The back-and-forth is nothing new, but continues to highlight the opposing narratives of Tehran and Washington, whose diplomatic relations have been frozen since 1980.
Iran points specifically to U.S. support for Saudi Arabia's monarchy, which it and others in the international community accuse of killing thousands of civilians in Yemen's civil war, a conflict the UN has deemed the world's worst humanitarian crisis. Tehran, meanwhile, backs Syria's authoritarian leader Bashar Assad, who's been charged with using chemical weapons against his own people and killing hundreds of thousands of Syrians in that country's eight-year-long war.
Iran is currently celebrating 40 years of the Islamic Republic, commemorating the Islamic Revolution of 1979 when protestors overthrew Iran's secular and Western-supported monarch, Mohammad Reza Shah Pahlavi, heralding the implementation of a theocratic government.

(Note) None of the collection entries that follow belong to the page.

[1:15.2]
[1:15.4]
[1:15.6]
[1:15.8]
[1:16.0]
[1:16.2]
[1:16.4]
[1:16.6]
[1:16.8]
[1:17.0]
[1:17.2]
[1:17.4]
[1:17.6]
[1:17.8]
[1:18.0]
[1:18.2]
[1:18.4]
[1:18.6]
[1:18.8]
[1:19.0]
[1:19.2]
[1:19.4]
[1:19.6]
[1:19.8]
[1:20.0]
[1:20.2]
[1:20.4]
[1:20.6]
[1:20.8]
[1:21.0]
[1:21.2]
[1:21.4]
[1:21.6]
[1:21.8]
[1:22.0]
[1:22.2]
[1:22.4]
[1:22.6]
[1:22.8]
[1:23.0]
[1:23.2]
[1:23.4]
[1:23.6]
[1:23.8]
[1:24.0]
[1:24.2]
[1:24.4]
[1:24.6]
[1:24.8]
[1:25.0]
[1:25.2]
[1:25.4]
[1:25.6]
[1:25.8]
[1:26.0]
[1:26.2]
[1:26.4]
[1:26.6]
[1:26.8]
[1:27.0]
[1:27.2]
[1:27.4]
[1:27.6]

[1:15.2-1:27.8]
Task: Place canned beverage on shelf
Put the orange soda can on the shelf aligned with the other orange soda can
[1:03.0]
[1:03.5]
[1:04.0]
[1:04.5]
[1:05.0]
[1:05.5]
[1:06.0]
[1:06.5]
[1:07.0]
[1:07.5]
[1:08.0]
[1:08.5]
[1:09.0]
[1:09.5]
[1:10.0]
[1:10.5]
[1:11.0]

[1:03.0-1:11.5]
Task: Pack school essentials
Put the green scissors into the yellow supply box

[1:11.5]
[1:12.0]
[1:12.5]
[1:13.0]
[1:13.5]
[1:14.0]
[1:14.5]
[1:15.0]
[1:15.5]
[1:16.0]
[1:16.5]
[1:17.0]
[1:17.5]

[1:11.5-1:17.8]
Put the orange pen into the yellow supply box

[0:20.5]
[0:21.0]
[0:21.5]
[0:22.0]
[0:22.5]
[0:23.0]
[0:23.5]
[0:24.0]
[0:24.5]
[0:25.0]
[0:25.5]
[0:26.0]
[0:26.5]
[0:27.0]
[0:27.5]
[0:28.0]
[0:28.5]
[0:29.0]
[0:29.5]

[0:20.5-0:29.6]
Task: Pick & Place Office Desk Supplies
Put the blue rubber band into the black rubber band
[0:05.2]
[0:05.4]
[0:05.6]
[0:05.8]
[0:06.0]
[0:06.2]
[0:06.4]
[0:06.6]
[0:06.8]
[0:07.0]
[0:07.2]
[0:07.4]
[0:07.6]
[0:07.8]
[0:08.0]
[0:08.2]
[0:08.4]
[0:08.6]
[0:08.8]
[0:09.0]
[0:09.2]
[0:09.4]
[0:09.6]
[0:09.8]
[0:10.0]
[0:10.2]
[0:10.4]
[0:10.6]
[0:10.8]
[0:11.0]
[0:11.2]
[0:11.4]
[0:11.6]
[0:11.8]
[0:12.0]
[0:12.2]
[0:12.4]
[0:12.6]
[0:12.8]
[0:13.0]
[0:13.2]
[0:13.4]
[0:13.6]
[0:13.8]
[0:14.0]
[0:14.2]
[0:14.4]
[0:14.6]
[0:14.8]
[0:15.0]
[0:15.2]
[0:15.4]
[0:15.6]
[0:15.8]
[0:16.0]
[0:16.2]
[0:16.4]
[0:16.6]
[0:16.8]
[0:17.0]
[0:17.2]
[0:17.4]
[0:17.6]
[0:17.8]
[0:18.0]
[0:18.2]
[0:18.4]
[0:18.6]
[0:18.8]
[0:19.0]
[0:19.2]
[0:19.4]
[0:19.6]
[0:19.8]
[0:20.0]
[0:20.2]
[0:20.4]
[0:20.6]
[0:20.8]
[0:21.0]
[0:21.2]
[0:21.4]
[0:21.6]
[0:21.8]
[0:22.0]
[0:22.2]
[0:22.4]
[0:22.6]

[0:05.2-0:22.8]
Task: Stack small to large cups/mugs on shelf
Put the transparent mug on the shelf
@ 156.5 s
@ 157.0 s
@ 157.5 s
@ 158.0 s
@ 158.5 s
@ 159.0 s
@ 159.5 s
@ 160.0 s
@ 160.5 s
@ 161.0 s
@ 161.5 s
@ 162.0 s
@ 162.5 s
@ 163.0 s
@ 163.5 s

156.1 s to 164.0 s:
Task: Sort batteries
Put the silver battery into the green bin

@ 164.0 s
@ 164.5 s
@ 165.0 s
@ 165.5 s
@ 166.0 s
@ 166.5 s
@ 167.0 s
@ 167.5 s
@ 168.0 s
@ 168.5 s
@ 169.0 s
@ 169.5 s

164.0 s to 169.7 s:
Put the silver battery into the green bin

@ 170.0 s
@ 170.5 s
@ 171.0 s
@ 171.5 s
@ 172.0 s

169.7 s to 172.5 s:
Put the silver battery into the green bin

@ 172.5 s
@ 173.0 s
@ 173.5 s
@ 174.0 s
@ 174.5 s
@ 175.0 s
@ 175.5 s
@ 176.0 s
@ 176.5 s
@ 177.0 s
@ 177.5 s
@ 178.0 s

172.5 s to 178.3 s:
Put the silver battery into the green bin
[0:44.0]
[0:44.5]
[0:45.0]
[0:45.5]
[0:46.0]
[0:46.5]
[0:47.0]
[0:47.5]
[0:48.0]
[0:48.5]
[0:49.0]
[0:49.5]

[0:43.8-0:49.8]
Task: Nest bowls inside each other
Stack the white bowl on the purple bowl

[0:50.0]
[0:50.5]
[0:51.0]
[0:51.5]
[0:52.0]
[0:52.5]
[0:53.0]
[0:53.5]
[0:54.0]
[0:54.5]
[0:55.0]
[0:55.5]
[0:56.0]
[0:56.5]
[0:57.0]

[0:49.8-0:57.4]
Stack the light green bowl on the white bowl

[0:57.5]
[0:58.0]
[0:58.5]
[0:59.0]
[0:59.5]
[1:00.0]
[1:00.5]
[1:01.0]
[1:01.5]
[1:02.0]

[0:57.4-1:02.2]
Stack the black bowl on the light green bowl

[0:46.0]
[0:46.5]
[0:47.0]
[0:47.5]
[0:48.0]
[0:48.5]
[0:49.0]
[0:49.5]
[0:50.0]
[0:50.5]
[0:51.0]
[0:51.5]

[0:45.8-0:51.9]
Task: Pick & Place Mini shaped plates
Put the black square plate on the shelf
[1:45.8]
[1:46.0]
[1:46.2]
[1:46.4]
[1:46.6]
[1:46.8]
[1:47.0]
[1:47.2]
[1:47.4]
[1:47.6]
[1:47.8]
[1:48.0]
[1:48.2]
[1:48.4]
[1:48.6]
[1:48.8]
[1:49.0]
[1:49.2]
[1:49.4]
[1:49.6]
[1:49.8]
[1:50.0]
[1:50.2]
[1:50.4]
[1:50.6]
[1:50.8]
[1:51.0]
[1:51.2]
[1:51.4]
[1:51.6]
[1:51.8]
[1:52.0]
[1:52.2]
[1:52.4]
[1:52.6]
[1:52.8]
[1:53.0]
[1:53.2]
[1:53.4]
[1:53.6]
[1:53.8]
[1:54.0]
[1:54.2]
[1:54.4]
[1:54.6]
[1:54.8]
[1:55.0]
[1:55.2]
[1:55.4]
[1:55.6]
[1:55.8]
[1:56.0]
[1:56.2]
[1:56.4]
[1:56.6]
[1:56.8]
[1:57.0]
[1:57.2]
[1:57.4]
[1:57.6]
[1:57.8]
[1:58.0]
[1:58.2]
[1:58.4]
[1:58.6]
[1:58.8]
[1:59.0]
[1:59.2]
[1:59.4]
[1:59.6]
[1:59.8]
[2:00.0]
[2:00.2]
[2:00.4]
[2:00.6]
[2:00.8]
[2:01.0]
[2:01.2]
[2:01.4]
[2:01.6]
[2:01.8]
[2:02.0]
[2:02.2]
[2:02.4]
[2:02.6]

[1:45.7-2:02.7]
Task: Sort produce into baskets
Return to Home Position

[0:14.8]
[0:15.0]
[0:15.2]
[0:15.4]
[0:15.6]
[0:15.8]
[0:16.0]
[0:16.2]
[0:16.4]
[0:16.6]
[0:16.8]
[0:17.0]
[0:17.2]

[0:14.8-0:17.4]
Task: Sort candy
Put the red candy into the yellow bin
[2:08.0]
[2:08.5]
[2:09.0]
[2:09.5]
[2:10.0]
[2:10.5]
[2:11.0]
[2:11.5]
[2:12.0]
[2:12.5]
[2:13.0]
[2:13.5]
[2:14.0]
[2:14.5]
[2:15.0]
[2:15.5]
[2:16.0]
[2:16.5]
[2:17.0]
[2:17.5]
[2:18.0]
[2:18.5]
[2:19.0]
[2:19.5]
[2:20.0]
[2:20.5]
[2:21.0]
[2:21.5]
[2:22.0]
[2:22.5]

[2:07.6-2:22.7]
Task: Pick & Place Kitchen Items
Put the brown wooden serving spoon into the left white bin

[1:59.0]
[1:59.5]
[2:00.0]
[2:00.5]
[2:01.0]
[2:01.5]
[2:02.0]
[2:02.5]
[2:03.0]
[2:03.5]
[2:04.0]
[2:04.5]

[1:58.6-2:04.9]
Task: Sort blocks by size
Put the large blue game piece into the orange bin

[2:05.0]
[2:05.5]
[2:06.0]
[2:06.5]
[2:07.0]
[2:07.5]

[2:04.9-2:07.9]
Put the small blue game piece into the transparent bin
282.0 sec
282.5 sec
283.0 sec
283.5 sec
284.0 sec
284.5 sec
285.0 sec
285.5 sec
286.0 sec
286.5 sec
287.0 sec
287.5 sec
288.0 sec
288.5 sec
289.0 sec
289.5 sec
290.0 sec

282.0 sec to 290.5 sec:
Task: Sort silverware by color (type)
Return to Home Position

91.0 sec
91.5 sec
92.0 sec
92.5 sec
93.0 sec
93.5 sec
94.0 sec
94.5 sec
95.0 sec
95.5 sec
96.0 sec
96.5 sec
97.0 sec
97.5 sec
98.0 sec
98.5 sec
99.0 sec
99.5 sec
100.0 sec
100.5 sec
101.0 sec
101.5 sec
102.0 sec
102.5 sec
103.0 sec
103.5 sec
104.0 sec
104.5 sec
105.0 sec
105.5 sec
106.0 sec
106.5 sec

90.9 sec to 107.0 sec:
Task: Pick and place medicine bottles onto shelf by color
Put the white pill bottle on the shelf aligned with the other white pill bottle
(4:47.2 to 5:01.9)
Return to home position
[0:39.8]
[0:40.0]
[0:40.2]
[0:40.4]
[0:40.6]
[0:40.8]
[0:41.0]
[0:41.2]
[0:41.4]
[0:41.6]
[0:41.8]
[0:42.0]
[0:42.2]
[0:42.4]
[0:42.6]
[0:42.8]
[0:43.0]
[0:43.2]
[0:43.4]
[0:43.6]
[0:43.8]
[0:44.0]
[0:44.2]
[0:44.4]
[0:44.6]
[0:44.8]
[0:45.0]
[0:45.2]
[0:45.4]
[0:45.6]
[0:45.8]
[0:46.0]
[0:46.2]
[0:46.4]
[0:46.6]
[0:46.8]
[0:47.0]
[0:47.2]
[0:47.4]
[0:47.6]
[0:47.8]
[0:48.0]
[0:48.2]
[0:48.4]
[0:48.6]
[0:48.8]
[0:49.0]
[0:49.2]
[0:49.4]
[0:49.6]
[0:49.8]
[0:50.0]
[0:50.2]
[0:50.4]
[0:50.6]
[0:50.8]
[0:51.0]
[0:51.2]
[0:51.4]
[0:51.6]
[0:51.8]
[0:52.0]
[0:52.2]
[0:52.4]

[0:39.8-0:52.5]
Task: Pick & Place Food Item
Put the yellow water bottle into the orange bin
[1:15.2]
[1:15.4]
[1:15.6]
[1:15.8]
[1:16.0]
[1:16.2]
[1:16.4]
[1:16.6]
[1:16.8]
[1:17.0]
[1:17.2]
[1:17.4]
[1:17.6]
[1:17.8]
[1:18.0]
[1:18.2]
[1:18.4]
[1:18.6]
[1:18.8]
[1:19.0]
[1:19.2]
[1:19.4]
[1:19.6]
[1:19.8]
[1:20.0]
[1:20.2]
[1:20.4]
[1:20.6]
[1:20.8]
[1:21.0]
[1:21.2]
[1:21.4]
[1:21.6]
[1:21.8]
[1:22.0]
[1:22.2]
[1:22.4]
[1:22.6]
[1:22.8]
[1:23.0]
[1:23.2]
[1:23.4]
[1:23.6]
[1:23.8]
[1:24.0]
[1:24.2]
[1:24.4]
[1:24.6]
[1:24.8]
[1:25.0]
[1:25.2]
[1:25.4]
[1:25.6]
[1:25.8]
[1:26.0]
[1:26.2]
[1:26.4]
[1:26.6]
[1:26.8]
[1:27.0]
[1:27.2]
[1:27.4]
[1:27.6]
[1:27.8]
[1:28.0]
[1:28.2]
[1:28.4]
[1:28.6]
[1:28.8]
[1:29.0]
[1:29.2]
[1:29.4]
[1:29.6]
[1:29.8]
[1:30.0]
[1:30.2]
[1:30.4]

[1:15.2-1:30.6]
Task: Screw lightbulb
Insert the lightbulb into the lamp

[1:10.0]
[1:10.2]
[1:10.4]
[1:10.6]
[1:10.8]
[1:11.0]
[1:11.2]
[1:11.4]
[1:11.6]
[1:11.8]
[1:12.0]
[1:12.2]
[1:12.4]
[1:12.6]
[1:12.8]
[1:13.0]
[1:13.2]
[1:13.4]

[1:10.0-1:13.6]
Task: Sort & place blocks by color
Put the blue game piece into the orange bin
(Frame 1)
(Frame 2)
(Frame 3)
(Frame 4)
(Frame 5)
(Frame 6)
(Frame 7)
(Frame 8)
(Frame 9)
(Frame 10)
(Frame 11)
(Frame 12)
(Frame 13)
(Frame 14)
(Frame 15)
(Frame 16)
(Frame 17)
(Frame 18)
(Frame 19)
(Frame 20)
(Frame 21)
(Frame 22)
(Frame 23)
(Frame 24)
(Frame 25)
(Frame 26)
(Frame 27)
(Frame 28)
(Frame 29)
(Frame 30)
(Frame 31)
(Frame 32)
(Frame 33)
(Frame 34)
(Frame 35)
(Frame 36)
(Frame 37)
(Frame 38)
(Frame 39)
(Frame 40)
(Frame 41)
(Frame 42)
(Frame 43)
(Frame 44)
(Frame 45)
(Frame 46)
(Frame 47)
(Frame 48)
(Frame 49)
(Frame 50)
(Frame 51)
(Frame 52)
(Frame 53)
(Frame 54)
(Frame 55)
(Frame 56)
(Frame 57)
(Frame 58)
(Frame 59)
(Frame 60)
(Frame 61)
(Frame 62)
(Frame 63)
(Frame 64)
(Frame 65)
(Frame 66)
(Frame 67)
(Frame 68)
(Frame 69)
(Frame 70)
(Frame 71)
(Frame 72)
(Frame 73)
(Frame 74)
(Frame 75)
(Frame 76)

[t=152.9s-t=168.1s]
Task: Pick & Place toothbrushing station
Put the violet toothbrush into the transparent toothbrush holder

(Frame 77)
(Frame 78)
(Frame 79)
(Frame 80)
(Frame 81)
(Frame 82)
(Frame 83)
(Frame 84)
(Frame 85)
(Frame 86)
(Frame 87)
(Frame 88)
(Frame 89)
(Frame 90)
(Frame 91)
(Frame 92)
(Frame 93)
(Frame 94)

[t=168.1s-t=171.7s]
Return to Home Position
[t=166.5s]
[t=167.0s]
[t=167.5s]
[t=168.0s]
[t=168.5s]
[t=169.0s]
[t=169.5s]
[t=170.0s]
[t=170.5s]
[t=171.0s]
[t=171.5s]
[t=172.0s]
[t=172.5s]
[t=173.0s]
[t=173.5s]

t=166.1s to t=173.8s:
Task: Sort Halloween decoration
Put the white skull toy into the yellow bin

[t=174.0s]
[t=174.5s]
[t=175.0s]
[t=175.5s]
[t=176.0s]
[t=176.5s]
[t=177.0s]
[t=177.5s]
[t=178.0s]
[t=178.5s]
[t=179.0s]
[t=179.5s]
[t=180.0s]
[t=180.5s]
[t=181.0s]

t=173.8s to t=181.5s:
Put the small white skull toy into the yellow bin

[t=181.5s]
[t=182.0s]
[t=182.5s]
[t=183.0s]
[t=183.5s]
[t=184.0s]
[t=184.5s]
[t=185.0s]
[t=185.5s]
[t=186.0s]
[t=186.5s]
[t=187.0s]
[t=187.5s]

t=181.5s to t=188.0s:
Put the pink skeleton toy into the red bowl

Zarif's reference of Iran's Jewish population is one often used by the country's politicians to rebuff international accusations of anti-Semitism. Iran is home to an estimated 20,000 Persian Jews, a number that hovered around 100,000 before the Islamic Revolution. Jews are protected under Iran's constitution and are free to worship in Iranian synagogues, but lack equal rights to Muslims in certain respects, such as the ability to serve in certain judicial or military positions.
Iranian Jews cited in media reports describe feeling safe and comfortable practicing their faith in Iran, though with steep punishments for any criticism of the government, it's hard to know what the climate is on the ground. Anti-Semitic speech often features in public dialogue and among some lawmakers.
Trump in May withdrew from the 2015 Iran nuclear deal, a multilateral agreement led by the Obama administration to lift economic sanctions on Iran in exchange for limits to its nuclear program. The administration cited Iran's "malign activity" in the region, including support for proxy militant groups and ballistic missile testing, as its primary motivation for abandoning the deal.
Since the re-imposition of sanctions on many of Iran's sectors, including shipping, minerals and most significantly oil, the country's currency has tanked and its economy has gone into recession. The sanctions, combined with what analysts describe as years of economic mismanagement and corruption, have produced what Iran's leaders recently called the toughest economic situation in 40 years.